Greve na universidade


Adailson Pereira


Tramita no Congresso Nacional, o Projeto de Lei Parlamentar (PLP) 257/16, que consiste em estabelecer o plano de auxílio aos Estados e ao Distrito Federal e medidas de estímulo ao reequilíbrio fiscal, que resultará em congelamento de salários, aumento da cota previdenciária. Em Brasília, o governo de Michel Temer trabalha para aprovar também a Proposta de Emenda à Constituição (PEC) 241/16, chamada de Novo Regime Fiscal, a qual limita a despesas básicas da união aos gastos do ano anterior, corrigidos pelo Índice Nacional de Preços ao Consumidor Amplo (IPCA).

 Presidente da Adufmat, Reginaldo Araújo, é cauteloso ao falar sobre o momento de greve na UFMT


Como estes projetos mexem com investimentos na educação e saúde, com redução de salários, além de congelamentos de despesas, desagradam os servidores e gestores públicos.
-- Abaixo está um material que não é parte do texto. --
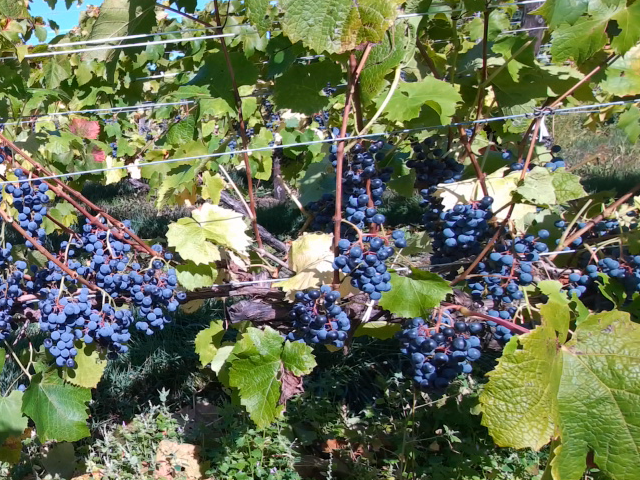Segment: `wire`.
<instances>
[{
	"label": "wire",
	"mask_w": 640,
	"mask_h": 480,
	"mask_svg": "<svg viewBox=\"0 0 640 480\" xmlns=\"http://www.w3.org/2000/svg\"><path fill=\"white\" fill-rule=\"evenodd\" d=\"M441 127H442L441 123H432L428 126H412L408 128L393 129V130L379 131V132H365V133L354 134V135H339V136H332L329 138L311 139V140L295 142V143L293 141H289L284 144H267V145H261V146L236 149L233 151L211 152V153L201 154L196 156L174 157V158L165 159L161 161H148L147 163H144V164L126 163L117 167L100 168L95 170H76L75 172L65 171L61 173H53L49 176H30L25 179L2 180L1 184L2 185H20V184H28L33 181H51L56 178H63L68 176L77 177L78 175H97V174L110 173V172H119L128 168L147 169L151 166H163V165L172 164L176 162H192V161H198V160L209 159L214 157L235 156L238 154L270 150V149H287L290 147L297 148V147H304V146H309L313 144L331 143V142L341 141V140H356V139H363L368 137H381V136H389V135H395V134L410 133L415 131H430L432 129L441 128Z\"/></svg>",
	"instance_id": "1"
},
{
	"label": "wire",
	"mask_w": 640,
	"mask_h": 480,
	"mask_svg": "<svg viewBox=\"0 0 640 480\" xmlns=\"http://www.w3.org/2000/svg\"><path fill=\"white\" fill-rule=\"evenodd\" d=\"M634 103H640V98L622 99L621 101L608 100V101H602L599 103H593L588 105L564 106L557 109H545V110L530 111L525 113H510L508 115L493 116V117L471 118V119L451 122L450 126L458 127V126L474 124V123L503 121V120H510L513 118H528V117L541 116V115H547V114H560L567 111H582V110L601 108V107L610 106V105L623 106L624 104H634Z\"/></svg>",
	"instance_id": "4"
},
{
	"label": "wire",
	"mask_w": 640,
	"mask_h": 480,
	"mask_svg": "<svg viewBox=\"0 0 640 480\" xmlns=\"http://www.w3.org/2000/svg\"><path fill=\"white\" fill-rule=\"evenodd\" d=\"M286 277H271V278H257L253 280H242V281H226L222 283H211V288H225L228 286H244V285H255L259 283H273V282H286Z\"/></svg>",
	"instance_id": "5"
},
{
	"label": "wire",
	"mask_w": 640,
	"mask_h": 480,
	"mask_svg": "<svg viewBox=\"0 0 640 480\" xmlns=\"http://www.w3.org/2000/svg\"><path fill=\"white\" fill-rule=\"evenodd\" d=\"M234 35H235V32L230 31V32H222V33L212 34V35L194 36V37L180 38V39L157 40L149 43H123V44H116V45L89 46V47H83L79 49L32 52V53L25 54L24 58L29 59V58H35V57L81 54V53L91 52V51L118 50V49H125V48H151L159 45L184 44V43H191L196 41L214 40V39H220L224 37H232Z\"/></svg>",
	"instance_id": "2"
},
{
	"label": "wire",
	"mask_w": 640,
	"mask_h": 480,
	"mask_svg": "<svg viewBox=\"0 0 640 480\" xmlns=\"http://www.w3.org/2000/svg\"><path fill=\"white\" fill-rule=\"evenodd\" d=\"M469 260H460L456 262H434V263H425V264H412L397 267V272L409 271L414 269H427V268H437V267H458L463 265H469Z\"/></svg>",
	"instance_id": "6"
},
{
	"label": "wire",
	"mask_w": 640,
	"mask_h": 480,
	"mask_svg": "<svg viewBox=\"0 0 640 480\" xmlns=\"http://www.w3.org/2000/svg\"><path fill=\"white\" fill-rule=\"evenodd\" d=\"M543 2H544V0L512 1V2H505V3L489 4L488 8L489 9H499V8L514 7V6H525V5H528V4L543 3Z\"/></svg>",
	"instance_id": "8"
},
{
	"label": "wire",
	"mask_w": 640,
	"mask_h": 480,
	"mask_svg": "<svg viewBox=\"0 0 640 480\" xmlns=\"http://www.w3.org/2000/svg\"><path fill=\"white\" fill-rule=\"evenodd\" d=\"M588 251H589L588 247H576V248L567 249V250L545 251V252H541L540 256L547 257V256H554V255H569V254H574L578 252H588Z\"/></svg>",
	"instance_id": "9"
},
{
	"label": "wire",
	"mask_w": 640,
	"mask_h": 480,
	"mask_svg": "<svg viewBox=\"0 0 640 480\" xmlns=\"http://www.w3.org/2000/svg\"><path fill=\"white\" fill-rule=\"evenodd\" d=\"M249 26L248 22L241 24H228V25H214V26H206V27H190V28H182V29H172L168 31L154 32L150 33H127V34H119L112 35L100 38H92L87 40H78V41H70V42H56L48 45L49 49L59 48V47H72V46H81V45H89L94 43H102L114 40L121 39H129V38H152V37H164L170 36L174 34H185L192 32H208V31H217V30H231V29H243Z\"/></svg>",
	"instance_id": "3"
},
{
	"label": "wire",
	"mask_w": 640,
	"mask_h": 480,
	"mask_svg": "<svg viewBox=\"0 0 640 480\" xmlns=\"http://www.w3.org/2000/svg\"><path fill=\"white\" fill-rule=\"evenodd\" d=\"M464 12H465L464 8H457V9H451V10H432V11H425V12L400 13L398 15V18L403 19V18H414V17H427V16H434V15H453V14H460Z\"/></svg>",
	"instance_id": "7"
}]
</instances>

Para defender os seus direitos de melhorias, vários sindicatos ligados às estas áreas discutem, em assembleias, a possibilidade de mobilização e, não havendo negociação com o governo, surge no horizonte adesão à greve. O que implica paralisação das atividades nas universidades federais pelo país e órgãos de saúde sem atividades, mesmo diante do caos no setor, que se arrasta por diversos governos no Brasil.

No país já inicia-se um debate nos órgãos sindicais que discutem suas demandas políticas e afirmam que há ataques aos direitos trabalhistas impostos pelo Governo Federal, com suas medidas de aperto fiscal para pagamento de dívidas da União. Se o setor de saúde, a situação demonstra preocupação, as universidades de algumas regiões já amargam calendário fora de época devido aos protestos com paralisações por um longo período. Este é o caso da Universidade Federal de Mato Grosso (UFMT), no centro-oeste, que na última década paralisou suas atividades por duas vezes, em 2012 e 2015. A última sendo protagonizada por ser a maior da história na instituição mato-grossense.
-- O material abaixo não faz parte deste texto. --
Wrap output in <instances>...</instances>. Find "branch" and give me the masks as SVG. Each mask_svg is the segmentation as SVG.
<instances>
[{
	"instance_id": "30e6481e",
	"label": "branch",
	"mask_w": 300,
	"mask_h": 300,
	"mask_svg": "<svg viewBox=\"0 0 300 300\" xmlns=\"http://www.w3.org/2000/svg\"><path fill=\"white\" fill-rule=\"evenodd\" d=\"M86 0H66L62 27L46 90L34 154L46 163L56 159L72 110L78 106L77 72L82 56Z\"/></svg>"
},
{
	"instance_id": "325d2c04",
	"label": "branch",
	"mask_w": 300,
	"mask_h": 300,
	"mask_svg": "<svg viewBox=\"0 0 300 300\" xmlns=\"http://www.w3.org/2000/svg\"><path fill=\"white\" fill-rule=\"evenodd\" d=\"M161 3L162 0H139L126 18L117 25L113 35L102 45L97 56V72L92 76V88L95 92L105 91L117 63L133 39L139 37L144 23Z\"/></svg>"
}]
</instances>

De acordo com a Assessoria de Imprensa da Associação dos Docentes da Universidade Federal de Mato Grosso (Adufmat- SSIND), “não é possível afirmar se haverá greve. A adesão de greve tem de ser feita em assembleia geral. O Sindicato dos Trabalhadores Técnico-administrativos (Sintuf) aprovou na semana passada um indicativo de paralisação, o que significa um dia de suspensão de suas atividades, indicando que a categoria poderá iniciar uma greve. Os docentes não deram nenhum passo nesse sentido. O Sindicato Nacional dos Docentes das Instituições de Ensino Superior (ANDES), apenas discute a necessidade de organizar essa greve para tentar barrar esses projetos”, de iniciativa do governo federal, que tramita no Congresso e com amplo debate.

PEC da discórdia

Se aprovada, a PEC 241/16 resultará na redução de verbas nas universidades, avaliam os sindicatos do setor, que já fazem as contas. Na última década, muitas instituições de ensino no Brasil iniciaram expansão de suas estruturas incentivadas pelo governos petistas, de Lula e Dilma Rousseff. Como exemplo a UFMT recentemente instalou na cidade de Várzea Grande, mais um Campus universitário, que receberá  cinco cursos no ano que vem. Todos na área de Engenharia (Engenharia de Transporte, Engenharia de Minas, Engenharia da Computação, Engenharia de Automação e Controle e Engenharia Química).

Os campi de Sinop e Rondonópolis da instituição receberam, respectivamente, em 2014  cursos de Medicina  que estão nos primeiros anos de atividades, portanto, exigindo investimentos. No entanto, a reitoria da UFMT, depois das novas medidas do governo, com cortes nos investimento públicos na educação (que nas universidades federais, a previsão de 15% perdas no orçamento), os projetos preocupam, porque precisam atender as necessidades básicas para o desenvolvimento do trabalho de professores e alunos.

Diante do quadro de disputas no Congresso Nacional e pelas dificuldades de diálogos como governo, o presidente da Adufmat, Reginaldo Araújo, tem visão mais pontual, porém, trata a questão com reservas. Segundo ele “assim que perceber que não há diálogo com os políticos, haverá sim greve. Neste momento não tem indicativo. Existe negociação no Congresso Nacional e com o Ministro da Educação Mendonça Filho, em relação aos projetos impostos pelo governo interino de Michel Temer (PMDB)”.

Demonstrando cautela, Araújo avalia que “na UFMT, (campus) Cuiabá, não se fala em greve, para isso acontecer, deve ser aprovado em assembleia o indicativo para depois aderir ou não a paralisação de suas atividades”.